One Weird Trick for Keeping Female Employees from Quitting - Mz
http://nymag.com/thecut/2016/03/study-women-30s-leave-jobs-because-money.html
======
pink_dinner
"Don’t assume we want to become mothers. And if we already are mothers, don’t
assume that we’d rather have fewer hours or responsibilities. "

This isn't just an assumption. Pretty much every woman I worked with that
became a mother, cut their hours, and focused less on their career and more on
their family. This isn't a bad thing, but on the flip side, you can't expect
to get paid the same amount (or get as many promotions) as someone who is
willing to work many more hours.

"young women identified finding a higher paying job, a lack of learning and
development, and a shortage of interesting and meaningful work as the primary
reasons why they may leave."

You could replace 'women' with pretty much anyone in this situation. I'm not a
woman and I have left jobs for all of the above reasons.

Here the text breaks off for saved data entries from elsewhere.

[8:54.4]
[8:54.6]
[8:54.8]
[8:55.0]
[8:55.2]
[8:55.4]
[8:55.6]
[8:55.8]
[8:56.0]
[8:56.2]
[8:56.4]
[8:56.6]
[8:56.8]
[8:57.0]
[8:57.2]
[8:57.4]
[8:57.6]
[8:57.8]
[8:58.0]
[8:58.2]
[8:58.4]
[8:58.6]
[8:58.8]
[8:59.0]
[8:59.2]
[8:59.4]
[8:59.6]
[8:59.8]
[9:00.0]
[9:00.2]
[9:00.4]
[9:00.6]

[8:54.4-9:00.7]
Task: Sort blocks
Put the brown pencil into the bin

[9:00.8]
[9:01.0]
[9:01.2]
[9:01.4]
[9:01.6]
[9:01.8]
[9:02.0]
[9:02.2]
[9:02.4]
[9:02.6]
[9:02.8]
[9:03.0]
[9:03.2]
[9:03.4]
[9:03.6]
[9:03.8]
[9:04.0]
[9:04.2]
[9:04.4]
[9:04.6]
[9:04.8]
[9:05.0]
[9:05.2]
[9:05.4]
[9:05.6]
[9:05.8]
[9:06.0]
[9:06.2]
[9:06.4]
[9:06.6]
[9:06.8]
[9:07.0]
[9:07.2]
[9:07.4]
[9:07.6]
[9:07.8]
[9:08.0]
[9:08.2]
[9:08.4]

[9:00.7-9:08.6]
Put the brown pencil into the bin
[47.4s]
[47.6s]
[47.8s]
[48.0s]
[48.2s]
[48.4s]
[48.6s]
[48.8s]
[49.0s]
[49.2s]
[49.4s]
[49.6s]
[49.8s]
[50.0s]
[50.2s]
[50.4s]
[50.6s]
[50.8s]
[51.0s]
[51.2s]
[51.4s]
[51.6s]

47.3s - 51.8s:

"You could work with them to develop their skills and use their talents in
interesting, meaningful ways"

I'm getting fatigued by special treatment and double-standards that are
becoming acceptable. The only way to succeed is to find your own interest in
your career. An employer can't develop your skills, you need to take
responsibility for this yourself.

"You can default to paying them even more money, and you just might get lucky
and have them stick around a while longer"

So women should get paid more than men for simply being a woman? Why isn't
this considered sexist?

"PAY WOMEN MORE. Pay us what you pay our male co-workers who do similar jobs"

This narrative keeps getting spun, but there have been numerous studies on pay
and women in the workforce and when you compare similar jobs, hours,
educations, and skill levels, women get paid around the same as men.

Logic says that if pay were this different, we would see entire IT companies
staffed with women. Companies are always trying to reduce costs. This just
isn't happening.

It happens in other industries where companies know they can hire illegal
immigrants and underpay them.

Why does 'diversity' have to be just another form of sexism?